# When is your bunnies' "year with us" anniversary?



## Catlyn (Jun 8, 2020)

I had Musti just until recently and today, 8th of june would've been the day that he's spent a year with us. He's still here, below the ground, but yes. Today would've been his one-year-mark living with us. Our new lop's "year with us" day will be on 6th of june next year(if he makes it that far)

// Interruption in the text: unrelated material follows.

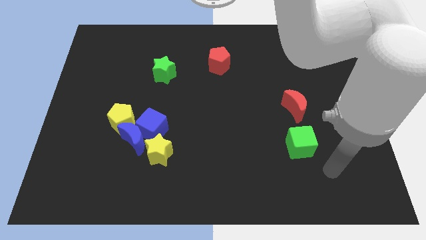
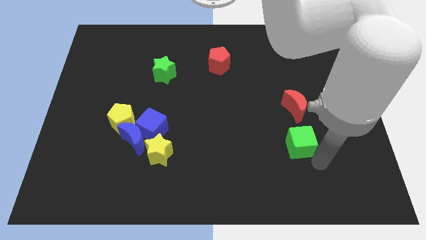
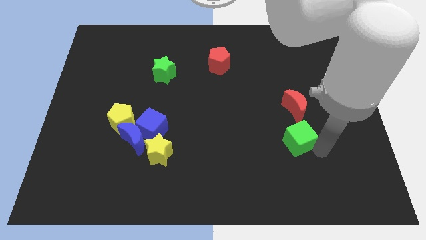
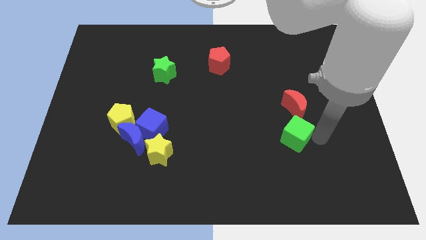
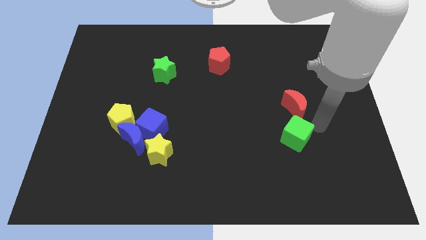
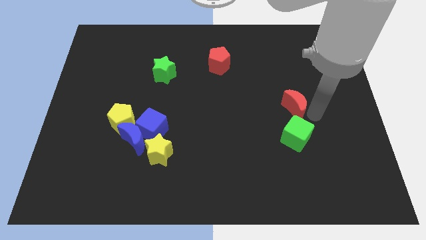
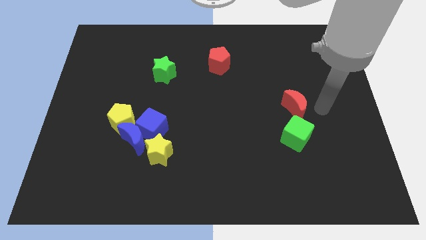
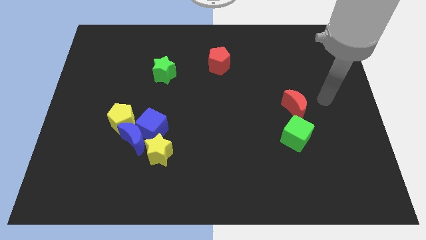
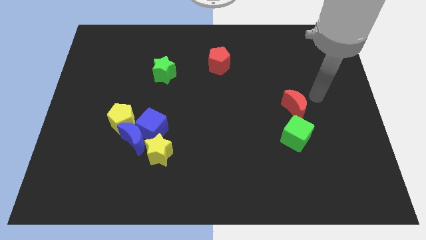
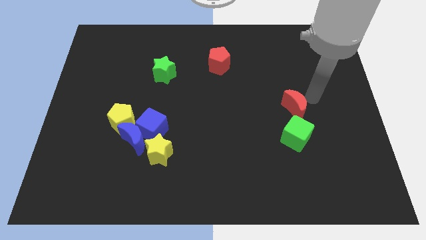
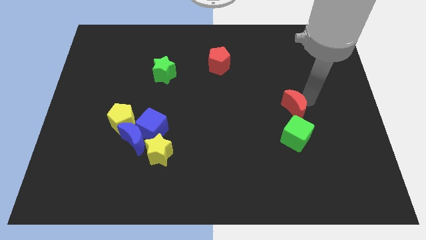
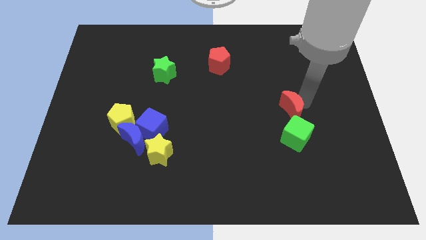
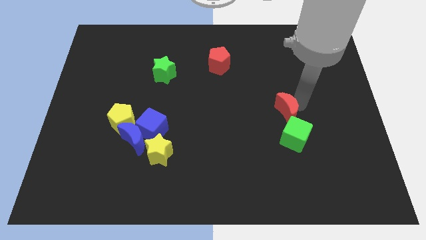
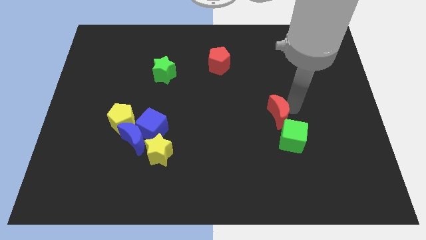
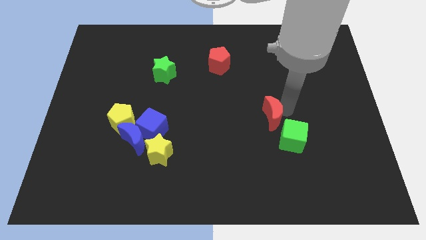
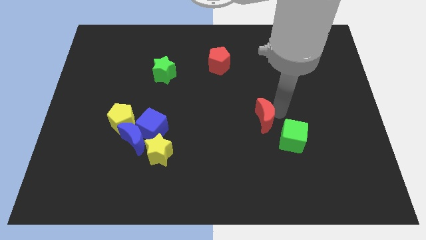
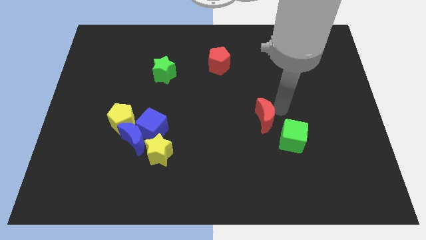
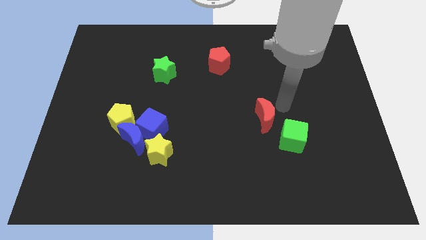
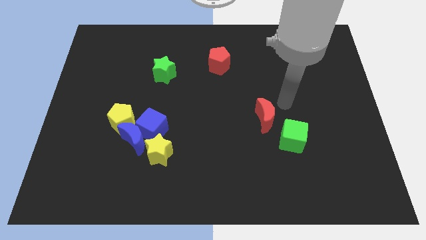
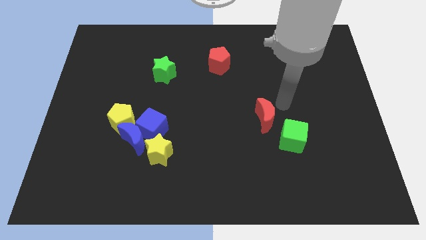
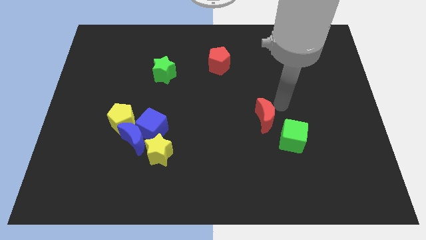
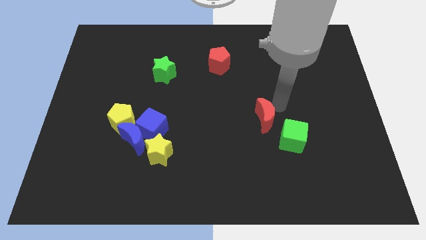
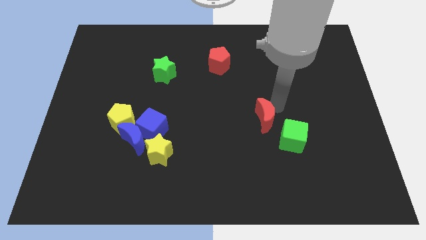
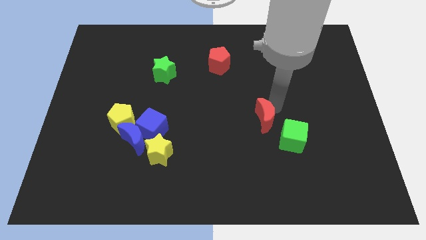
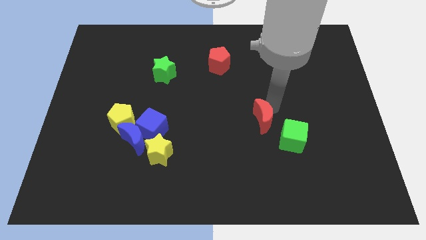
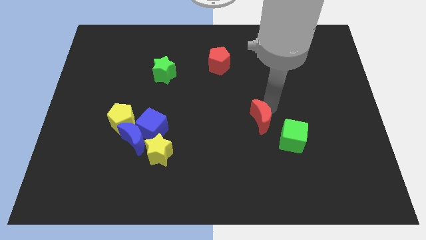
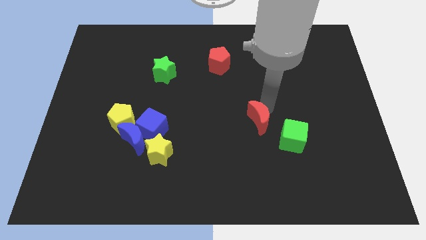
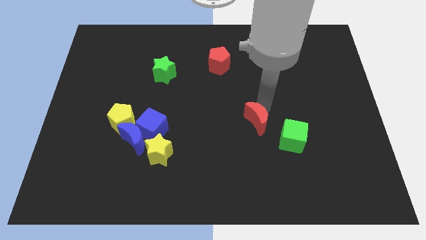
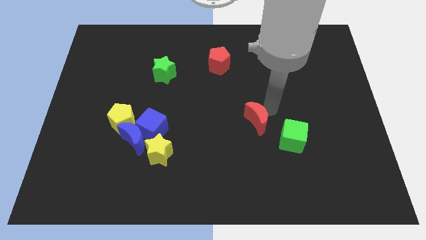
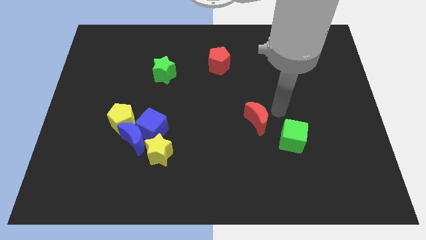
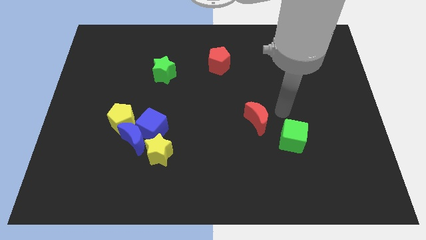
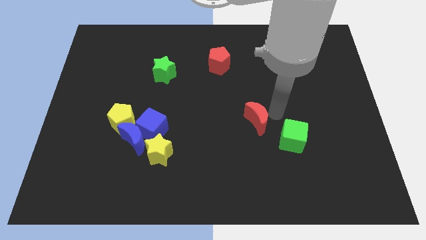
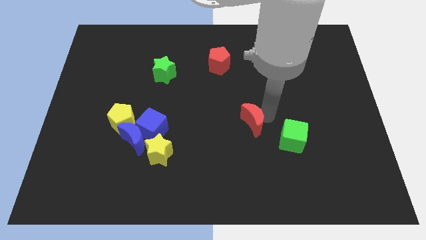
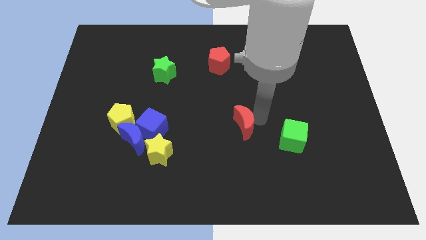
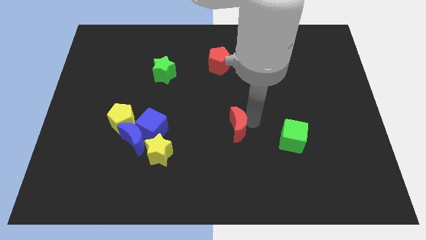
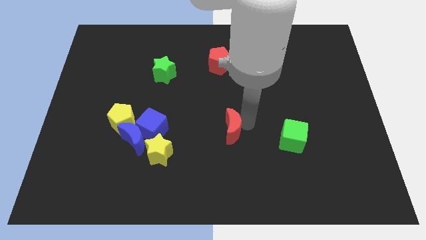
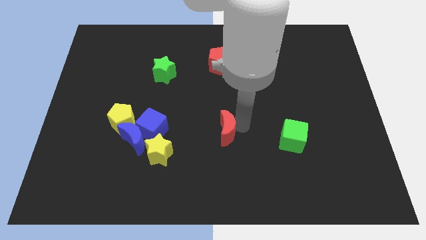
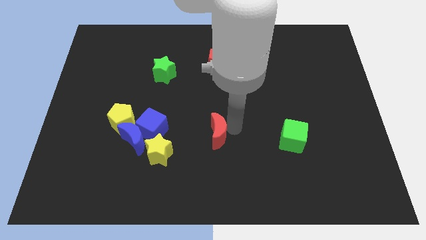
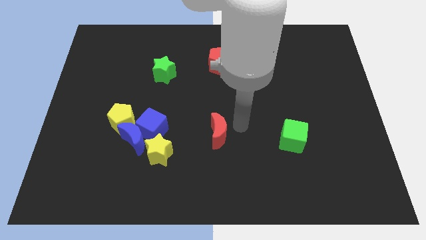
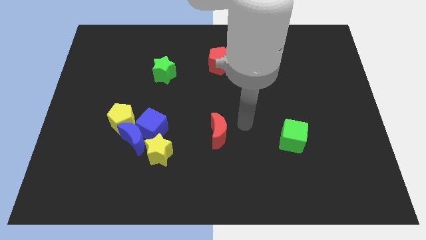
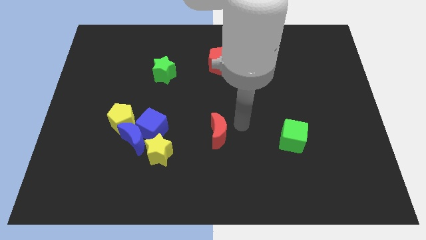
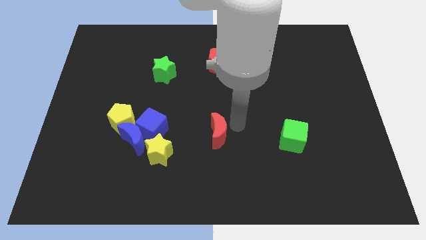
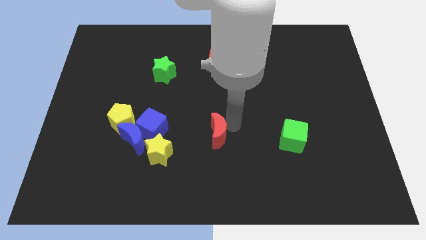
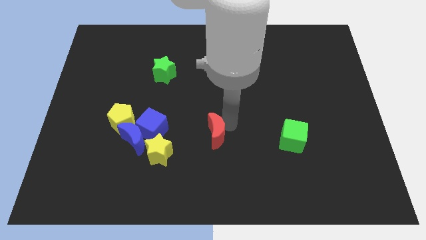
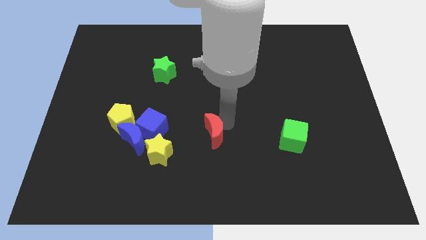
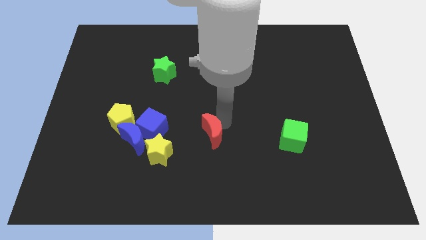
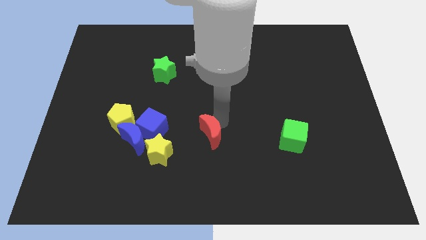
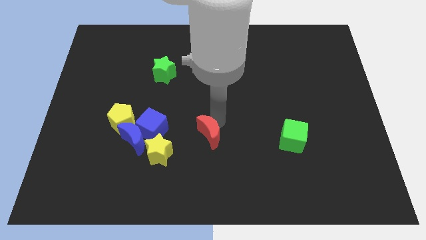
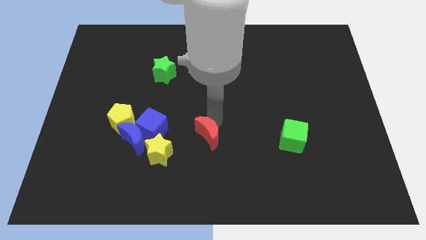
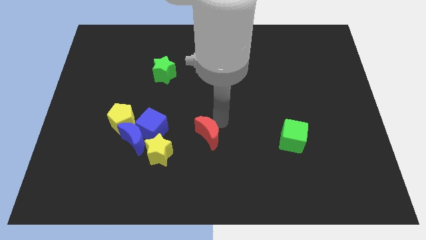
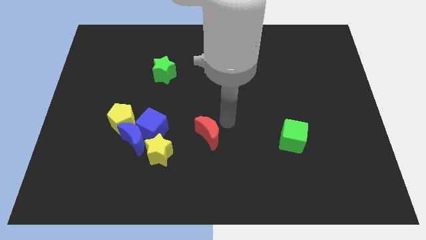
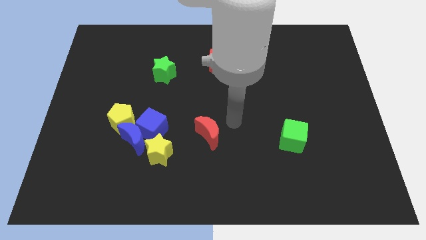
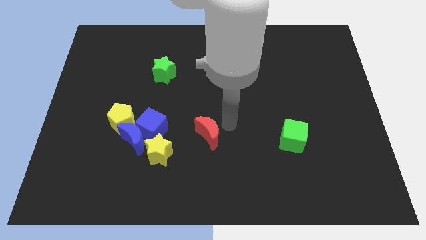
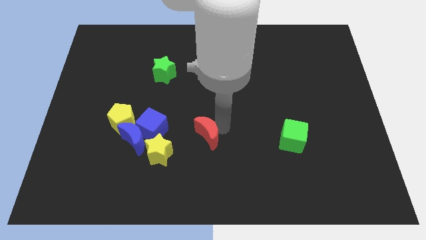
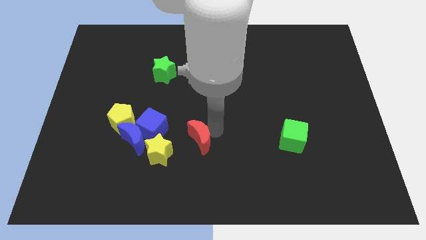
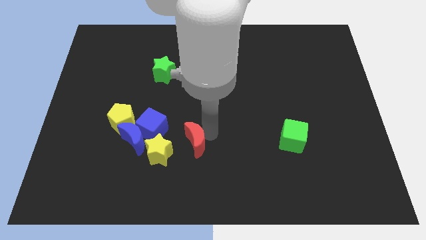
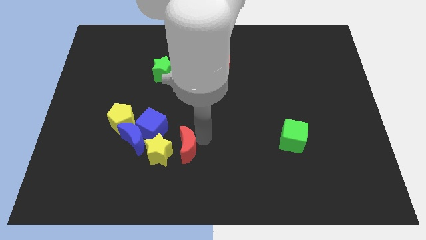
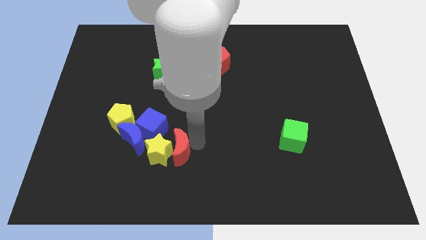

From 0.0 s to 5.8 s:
push the red moon to the yellow star

I am just curious, when would've been (or will be) your bunnies' "x years with us" mark?


Musti's mark on 08.06




Väike poiss' mark on 06.06


----------



## Mehidk (Jun 8, 2020)

I adopted this little fur butt on November 29 of last year. It's going to be 7 months this month since she came into my life.


----------



## OreoTheMiniLop (Jun 8, 2020)

I adopted my little floof ball on December 12, 2019. Shes been with us for 6 months. I'm so so sorry for your loss.


----------



## Catlyn (Jun 8, 2020)

Awwww she's soo flipping cute! She looks a bit like Musti! What is she like?


----------



## Hermelin (Jun 8, 2020)

I bought Odin 26 august 2017 when he was 8 weeks old, so it will be three years with him. 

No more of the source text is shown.